(Your task) Below are the records; copy exactly the stretch from the line containing "hfov_deg=42.5. Metres; depth" through the line containing "Please identify what is at (312, 654).", both ends included, and nothing else.

(Extracted material)

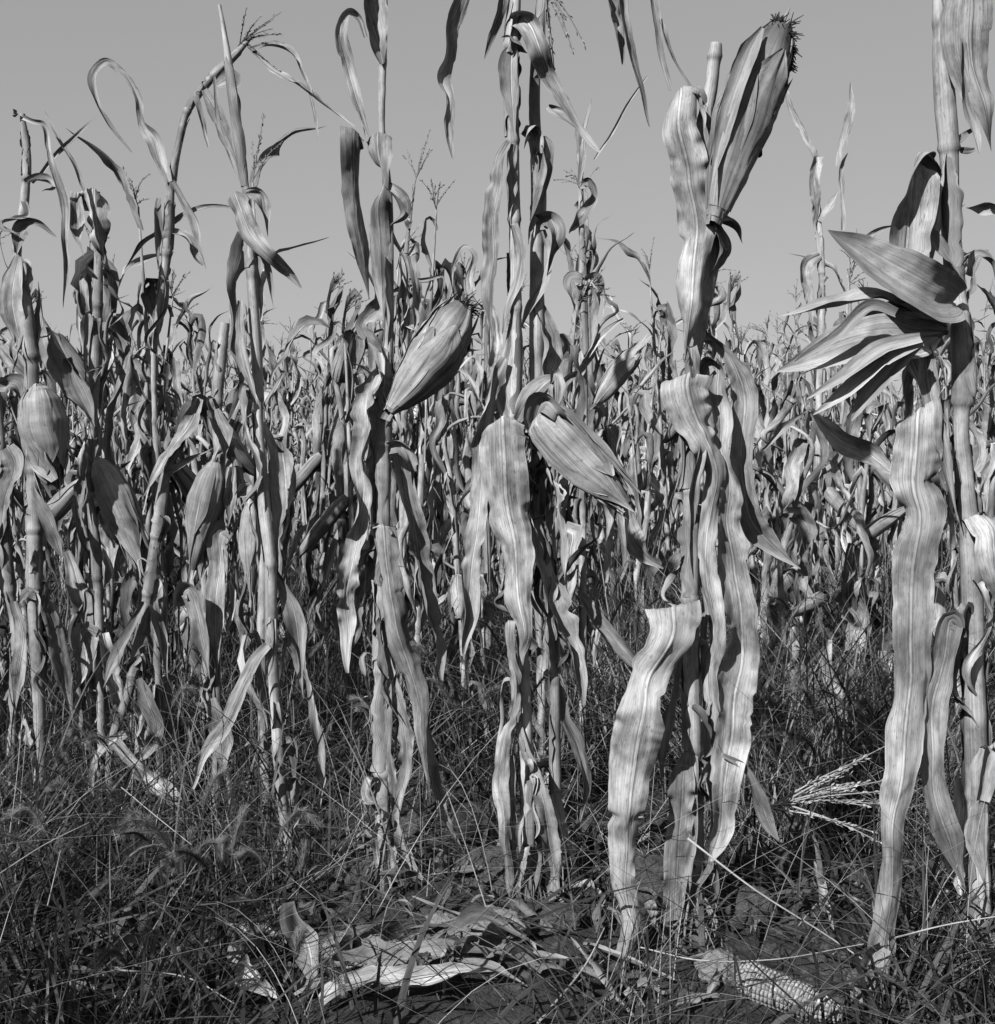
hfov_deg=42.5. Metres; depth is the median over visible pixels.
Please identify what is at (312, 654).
---
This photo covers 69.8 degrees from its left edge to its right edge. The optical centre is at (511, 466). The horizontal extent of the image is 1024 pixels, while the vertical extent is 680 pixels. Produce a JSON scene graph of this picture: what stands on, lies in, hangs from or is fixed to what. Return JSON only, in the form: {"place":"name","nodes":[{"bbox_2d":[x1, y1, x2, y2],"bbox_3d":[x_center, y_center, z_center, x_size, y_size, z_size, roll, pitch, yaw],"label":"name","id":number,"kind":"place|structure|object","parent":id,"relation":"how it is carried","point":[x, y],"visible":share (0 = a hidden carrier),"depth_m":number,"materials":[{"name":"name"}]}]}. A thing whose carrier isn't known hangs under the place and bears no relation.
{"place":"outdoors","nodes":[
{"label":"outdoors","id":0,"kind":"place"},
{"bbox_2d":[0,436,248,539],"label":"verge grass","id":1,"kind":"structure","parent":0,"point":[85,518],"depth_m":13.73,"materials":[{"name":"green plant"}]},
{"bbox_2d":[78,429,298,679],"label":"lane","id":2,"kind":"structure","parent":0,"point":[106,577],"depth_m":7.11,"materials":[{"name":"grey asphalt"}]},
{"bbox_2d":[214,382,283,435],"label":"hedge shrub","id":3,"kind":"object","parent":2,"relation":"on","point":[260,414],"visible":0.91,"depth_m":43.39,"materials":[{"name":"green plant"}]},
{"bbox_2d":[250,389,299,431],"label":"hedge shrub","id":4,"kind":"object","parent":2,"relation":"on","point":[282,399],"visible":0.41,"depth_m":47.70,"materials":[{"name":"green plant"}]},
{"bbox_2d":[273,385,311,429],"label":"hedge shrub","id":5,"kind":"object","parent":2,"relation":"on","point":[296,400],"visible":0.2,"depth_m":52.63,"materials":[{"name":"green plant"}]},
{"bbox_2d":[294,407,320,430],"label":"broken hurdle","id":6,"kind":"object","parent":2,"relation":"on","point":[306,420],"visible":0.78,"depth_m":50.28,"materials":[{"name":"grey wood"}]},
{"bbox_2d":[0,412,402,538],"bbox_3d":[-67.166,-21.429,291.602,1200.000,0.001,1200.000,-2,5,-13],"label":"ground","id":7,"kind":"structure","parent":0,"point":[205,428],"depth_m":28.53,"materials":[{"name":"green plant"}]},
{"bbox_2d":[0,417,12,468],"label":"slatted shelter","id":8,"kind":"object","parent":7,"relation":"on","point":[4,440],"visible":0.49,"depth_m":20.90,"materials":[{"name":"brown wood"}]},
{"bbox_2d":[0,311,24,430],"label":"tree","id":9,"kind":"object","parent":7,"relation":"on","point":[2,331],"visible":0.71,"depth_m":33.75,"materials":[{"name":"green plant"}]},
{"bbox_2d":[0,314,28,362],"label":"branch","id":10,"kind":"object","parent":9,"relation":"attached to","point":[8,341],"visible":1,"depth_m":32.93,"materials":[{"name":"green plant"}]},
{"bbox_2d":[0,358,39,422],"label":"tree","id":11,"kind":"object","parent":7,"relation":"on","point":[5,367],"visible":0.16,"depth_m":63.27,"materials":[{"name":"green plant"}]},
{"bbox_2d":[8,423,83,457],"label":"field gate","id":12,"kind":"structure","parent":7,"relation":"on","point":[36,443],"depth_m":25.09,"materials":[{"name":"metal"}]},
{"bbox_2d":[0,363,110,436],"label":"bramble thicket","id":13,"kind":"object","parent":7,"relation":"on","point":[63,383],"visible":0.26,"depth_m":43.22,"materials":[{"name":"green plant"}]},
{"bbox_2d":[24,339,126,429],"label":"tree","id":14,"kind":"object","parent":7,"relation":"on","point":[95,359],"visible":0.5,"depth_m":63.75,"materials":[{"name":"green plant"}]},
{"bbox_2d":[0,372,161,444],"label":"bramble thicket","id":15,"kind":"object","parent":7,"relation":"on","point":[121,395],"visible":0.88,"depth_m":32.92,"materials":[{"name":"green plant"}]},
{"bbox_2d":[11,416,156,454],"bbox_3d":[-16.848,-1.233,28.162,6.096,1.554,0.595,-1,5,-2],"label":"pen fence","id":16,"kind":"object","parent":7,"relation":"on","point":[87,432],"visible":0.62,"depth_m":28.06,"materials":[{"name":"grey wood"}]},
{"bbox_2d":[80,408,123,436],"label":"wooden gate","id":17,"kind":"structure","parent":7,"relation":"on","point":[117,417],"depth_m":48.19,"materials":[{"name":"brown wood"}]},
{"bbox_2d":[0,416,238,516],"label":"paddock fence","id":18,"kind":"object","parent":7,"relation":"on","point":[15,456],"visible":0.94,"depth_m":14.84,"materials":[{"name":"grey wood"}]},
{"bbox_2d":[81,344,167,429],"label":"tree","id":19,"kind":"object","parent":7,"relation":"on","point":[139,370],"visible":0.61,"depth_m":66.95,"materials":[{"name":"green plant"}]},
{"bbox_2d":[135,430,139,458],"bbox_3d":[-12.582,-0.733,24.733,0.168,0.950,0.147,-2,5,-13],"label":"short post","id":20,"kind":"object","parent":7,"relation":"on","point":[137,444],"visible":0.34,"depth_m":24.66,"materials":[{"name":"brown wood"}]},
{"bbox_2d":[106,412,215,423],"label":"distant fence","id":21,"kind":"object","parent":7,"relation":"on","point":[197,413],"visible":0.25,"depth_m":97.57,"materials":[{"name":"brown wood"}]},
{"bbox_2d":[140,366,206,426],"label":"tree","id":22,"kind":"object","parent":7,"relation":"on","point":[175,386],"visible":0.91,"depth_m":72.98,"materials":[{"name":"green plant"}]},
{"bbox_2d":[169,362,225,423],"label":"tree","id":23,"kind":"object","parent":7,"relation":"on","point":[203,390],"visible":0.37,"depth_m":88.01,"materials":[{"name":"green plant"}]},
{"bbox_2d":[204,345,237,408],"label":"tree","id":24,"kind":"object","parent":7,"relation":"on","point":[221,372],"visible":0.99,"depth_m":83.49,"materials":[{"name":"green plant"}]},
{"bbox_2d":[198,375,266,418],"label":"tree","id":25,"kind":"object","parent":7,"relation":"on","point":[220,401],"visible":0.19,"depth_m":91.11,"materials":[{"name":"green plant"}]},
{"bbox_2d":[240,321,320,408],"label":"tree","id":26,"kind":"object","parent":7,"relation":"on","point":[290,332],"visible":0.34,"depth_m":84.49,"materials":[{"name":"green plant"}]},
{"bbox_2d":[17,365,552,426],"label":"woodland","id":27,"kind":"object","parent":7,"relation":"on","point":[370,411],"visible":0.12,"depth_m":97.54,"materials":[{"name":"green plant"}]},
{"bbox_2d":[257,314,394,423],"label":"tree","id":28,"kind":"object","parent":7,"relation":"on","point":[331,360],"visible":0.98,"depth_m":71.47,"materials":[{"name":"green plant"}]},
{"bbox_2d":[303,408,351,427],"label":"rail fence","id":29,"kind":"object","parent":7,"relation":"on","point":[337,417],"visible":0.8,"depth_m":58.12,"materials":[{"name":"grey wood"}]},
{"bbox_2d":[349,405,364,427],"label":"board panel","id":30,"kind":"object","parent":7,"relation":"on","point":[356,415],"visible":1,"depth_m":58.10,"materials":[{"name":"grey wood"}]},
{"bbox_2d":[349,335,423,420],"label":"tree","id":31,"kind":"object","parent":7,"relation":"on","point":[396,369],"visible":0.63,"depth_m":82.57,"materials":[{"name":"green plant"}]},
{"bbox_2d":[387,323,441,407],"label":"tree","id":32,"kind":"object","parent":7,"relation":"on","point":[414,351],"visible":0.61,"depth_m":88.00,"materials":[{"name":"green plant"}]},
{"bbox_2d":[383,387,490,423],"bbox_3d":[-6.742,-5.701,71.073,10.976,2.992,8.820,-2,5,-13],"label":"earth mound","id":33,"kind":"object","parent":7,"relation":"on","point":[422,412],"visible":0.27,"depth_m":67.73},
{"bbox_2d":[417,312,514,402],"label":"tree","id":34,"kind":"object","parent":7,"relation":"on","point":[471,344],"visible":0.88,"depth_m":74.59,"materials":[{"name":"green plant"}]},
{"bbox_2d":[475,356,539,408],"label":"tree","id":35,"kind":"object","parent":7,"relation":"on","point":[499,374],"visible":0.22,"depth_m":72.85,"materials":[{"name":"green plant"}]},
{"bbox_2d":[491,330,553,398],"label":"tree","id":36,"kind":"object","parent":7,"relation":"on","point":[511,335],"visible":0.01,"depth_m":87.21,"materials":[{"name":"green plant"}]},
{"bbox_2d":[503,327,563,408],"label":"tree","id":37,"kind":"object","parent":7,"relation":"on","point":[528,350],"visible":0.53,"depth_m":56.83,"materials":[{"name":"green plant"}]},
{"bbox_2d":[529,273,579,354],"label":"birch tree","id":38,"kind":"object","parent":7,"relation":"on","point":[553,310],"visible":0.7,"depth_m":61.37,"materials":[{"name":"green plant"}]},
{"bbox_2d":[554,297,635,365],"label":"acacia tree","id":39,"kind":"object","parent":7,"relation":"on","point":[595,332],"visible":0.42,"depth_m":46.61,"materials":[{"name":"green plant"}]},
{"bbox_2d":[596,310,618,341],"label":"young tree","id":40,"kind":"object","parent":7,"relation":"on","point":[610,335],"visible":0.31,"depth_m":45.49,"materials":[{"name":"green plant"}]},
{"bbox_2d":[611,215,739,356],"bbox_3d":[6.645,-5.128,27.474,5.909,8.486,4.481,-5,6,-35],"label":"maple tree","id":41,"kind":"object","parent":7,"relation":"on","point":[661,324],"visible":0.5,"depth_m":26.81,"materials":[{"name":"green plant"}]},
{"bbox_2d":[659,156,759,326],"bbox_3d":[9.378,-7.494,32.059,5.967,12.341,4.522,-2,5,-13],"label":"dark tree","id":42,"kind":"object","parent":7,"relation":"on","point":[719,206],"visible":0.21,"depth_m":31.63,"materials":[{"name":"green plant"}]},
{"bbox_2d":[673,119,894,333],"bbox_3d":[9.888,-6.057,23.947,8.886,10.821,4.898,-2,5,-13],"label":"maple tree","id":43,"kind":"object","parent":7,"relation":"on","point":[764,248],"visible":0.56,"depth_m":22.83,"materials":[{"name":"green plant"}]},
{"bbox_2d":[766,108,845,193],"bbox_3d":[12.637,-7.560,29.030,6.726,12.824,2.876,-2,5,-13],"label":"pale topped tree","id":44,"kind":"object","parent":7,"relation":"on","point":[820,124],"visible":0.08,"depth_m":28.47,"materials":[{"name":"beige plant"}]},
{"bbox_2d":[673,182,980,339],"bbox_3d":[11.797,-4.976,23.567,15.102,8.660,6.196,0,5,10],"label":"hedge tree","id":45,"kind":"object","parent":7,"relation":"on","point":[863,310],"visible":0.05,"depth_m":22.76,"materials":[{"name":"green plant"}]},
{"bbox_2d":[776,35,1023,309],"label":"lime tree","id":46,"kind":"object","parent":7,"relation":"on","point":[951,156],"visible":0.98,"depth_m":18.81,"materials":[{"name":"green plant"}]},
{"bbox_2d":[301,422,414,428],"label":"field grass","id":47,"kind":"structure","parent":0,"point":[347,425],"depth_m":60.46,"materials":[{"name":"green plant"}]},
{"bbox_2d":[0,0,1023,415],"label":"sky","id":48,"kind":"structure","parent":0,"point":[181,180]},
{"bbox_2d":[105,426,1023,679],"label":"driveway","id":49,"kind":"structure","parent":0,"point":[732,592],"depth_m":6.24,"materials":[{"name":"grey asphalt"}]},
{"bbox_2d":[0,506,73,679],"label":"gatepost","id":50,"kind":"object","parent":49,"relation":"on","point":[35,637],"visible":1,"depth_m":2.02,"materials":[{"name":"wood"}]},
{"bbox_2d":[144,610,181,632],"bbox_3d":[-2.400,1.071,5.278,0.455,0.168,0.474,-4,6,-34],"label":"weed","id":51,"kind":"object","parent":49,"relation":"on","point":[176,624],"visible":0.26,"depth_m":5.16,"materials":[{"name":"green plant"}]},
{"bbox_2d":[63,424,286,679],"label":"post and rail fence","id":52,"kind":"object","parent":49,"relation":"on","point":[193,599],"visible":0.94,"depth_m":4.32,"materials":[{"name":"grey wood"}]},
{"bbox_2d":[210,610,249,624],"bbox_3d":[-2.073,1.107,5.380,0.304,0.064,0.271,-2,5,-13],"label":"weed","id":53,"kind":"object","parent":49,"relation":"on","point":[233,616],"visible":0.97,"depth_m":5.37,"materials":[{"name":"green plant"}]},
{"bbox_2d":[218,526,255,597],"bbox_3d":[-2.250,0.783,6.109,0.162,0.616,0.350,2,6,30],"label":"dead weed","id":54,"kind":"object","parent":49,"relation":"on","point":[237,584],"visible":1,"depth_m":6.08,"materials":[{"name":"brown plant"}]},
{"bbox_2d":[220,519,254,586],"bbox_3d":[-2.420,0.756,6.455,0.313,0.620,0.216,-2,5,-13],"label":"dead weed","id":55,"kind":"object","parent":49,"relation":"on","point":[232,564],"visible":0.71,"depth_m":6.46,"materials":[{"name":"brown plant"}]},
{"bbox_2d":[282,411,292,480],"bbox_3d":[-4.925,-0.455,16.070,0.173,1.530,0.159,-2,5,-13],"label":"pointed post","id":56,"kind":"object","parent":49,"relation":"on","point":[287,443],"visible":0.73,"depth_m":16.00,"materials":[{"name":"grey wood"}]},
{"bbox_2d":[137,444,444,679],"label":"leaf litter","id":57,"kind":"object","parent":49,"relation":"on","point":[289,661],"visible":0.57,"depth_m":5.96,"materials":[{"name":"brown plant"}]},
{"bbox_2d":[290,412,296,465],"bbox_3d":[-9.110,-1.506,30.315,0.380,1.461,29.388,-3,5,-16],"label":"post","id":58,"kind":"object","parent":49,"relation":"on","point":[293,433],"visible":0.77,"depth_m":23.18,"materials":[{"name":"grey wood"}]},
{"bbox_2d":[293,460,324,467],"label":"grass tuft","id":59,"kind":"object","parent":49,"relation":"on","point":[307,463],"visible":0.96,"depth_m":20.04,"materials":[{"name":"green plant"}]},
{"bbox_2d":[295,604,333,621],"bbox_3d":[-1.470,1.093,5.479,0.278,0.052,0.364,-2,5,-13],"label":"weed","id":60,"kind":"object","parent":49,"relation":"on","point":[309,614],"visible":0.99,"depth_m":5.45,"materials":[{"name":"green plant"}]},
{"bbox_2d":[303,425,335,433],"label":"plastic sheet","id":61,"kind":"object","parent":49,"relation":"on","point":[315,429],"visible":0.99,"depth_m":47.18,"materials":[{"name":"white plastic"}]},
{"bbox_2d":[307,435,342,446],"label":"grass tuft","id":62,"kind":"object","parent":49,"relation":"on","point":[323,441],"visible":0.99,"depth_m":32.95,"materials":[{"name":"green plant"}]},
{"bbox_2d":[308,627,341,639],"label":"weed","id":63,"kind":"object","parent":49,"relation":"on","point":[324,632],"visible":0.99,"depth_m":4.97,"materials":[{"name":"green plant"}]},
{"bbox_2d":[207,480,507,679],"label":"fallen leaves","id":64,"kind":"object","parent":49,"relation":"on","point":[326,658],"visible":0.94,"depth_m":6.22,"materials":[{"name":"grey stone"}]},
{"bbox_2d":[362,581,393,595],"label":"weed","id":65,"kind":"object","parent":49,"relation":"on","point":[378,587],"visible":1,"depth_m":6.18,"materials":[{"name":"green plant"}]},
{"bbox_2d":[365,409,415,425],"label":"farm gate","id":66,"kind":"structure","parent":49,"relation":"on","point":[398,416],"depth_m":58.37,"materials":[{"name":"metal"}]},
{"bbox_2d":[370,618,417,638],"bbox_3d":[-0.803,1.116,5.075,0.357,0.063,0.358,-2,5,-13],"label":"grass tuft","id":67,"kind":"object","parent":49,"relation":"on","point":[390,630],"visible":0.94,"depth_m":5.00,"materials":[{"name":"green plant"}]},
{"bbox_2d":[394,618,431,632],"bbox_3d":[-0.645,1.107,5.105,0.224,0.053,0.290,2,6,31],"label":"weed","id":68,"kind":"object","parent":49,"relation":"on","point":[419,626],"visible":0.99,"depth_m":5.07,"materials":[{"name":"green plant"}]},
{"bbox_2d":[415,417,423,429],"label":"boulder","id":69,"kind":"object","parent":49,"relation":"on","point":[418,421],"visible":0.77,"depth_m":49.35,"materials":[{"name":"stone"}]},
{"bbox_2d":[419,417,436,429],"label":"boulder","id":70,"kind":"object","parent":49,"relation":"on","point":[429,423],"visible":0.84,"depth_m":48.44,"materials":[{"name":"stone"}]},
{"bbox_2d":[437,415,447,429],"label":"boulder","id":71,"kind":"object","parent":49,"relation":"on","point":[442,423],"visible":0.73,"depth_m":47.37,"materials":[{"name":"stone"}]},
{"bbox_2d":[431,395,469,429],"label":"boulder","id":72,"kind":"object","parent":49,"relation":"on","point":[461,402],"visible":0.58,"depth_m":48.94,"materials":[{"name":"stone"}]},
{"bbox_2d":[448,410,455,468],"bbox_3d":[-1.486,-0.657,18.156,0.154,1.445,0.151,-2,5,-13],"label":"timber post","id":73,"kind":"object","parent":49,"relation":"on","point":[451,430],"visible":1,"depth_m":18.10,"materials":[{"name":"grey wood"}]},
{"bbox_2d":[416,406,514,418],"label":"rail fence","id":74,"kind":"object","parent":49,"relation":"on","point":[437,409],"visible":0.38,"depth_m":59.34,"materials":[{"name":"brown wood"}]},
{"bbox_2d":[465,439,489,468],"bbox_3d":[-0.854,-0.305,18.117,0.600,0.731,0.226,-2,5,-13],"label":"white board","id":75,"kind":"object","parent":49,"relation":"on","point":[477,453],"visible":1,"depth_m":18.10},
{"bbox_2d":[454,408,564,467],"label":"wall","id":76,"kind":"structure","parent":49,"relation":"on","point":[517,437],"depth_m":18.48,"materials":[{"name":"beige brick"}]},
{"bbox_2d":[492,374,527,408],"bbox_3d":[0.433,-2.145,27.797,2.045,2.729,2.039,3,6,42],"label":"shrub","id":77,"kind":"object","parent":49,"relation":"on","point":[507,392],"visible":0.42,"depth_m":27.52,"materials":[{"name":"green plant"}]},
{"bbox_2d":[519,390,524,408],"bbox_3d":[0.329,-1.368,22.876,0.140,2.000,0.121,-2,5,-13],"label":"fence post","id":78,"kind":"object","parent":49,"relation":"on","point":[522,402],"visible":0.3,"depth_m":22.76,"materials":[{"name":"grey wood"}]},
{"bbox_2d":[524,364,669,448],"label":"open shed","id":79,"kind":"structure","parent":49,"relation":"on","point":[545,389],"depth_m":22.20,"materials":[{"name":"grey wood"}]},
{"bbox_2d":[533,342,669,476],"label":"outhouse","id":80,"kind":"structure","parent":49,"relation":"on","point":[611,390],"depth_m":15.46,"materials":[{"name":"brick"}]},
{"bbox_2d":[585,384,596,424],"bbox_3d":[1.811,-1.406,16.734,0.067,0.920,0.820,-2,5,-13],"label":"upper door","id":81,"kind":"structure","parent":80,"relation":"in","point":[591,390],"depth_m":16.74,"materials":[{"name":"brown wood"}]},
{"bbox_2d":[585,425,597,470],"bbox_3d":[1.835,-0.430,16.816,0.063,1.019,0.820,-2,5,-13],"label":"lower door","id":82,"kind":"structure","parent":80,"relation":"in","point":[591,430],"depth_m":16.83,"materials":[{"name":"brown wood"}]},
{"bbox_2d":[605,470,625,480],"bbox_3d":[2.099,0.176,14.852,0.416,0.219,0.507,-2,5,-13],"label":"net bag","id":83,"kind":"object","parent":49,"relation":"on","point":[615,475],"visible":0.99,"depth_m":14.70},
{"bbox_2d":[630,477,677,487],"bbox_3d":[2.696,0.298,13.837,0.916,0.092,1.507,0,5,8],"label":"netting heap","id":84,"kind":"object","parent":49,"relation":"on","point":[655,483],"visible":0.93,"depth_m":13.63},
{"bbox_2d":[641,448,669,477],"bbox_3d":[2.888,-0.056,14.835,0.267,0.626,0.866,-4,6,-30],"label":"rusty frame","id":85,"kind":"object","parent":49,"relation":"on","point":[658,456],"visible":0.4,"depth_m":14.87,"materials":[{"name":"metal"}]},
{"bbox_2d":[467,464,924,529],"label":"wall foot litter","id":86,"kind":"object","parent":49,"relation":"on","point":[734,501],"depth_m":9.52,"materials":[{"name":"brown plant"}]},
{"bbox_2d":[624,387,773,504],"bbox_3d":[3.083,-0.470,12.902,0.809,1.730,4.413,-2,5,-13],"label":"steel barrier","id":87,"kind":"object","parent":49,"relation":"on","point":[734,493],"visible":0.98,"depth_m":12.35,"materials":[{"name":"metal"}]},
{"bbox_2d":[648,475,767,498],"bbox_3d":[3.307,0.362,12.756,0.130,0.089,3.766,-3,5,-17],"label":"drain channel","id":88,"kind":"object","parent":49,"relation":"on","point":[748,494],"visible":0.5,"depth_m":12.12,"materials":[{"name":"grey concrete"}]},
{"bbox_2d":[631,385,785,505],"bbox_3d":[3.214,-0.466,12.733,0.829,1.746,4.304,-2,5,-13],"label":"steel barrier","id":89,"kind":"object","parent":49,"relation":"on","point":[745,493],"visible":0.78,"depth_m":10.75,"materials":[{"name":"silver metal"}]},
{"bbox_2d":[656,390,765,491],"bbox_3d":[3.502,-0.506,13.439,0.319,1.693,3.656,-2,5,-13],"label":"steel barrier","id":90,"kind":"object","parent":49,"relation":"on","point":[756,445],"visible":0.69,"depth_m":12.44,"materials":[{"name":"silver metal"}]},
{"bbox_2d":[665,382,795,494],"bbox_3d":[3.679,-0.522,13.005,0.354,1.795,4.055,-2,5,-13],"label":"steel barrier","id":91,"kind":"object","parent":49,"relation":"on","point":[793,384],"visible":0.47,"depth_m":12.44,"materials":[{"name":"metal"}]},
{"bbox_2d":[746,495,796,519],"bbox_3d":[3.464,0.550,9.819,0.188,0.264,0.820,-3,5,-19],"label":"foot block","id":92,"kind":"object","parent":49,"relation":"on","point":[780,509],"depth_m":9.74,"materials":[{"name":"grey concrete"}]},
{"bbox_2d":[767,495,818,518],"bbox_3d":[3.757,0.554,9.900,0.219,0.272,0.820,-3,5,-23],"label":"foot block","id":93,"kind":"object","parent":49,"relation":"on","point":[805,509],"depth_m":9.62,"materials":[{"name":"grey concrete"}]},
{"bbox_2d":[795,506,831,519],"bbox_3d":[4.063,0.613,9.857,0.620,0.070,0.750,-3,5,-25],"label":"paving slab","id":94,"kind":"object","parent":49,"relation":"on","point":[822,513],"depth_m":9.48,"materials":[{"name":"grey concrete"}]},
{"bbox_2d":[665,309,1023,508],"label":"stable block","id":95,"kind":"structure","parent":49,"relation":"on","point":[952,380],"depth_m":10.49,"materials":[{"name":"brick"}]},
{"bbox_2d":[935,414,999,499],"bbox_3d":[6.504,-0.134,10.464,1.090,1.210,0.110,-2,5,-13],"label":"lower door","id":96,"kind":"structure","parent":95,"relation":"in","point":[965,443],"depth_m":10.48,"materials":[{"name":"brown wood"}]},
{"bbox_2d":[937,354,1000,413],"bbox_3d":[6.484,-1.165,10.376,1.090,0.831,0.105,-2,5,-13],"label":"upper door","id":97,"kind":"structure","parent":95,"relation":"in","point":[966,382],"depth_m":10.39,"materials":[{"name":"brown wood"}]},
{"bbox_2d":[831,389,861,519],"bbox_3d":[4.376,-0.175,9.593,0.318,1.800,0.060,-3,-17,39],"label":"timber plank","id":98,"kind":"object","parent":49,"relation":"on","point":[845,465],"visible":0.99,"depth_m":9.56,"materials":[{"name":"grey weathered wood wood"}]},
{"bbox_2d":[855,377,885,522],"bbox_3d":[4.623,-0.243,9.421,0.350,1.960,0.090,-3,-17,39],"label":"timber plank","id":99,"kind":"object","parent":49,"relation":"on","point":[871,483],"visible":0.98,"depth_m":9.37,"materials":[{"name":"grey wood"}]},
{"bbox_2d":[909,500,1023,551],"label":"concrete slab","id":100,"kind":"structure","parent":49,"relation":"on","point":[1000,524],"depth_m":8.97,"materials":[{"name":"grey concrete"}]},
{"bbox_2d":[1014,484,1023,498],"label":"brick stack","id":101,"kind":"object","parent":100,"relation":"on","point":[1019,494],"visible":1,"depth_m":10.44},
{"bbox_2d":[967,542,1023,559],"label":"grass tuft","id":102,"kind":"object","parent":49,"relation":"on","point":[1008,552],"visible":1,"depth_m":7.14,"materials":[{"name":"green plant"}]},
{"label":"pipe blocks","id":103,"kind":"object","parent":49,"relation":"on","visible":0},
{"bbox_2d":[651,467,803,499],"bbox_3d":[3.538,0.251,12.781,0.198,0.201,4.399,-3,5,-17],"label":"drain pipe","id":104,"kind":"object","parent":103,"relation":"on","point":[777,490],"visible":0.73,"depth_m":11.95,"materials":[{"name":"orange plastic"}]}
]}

(Finished exercise)
hfov_deg=42.5. Metres; depth is the median over visible pixels.
Please identify what is at (312, 654).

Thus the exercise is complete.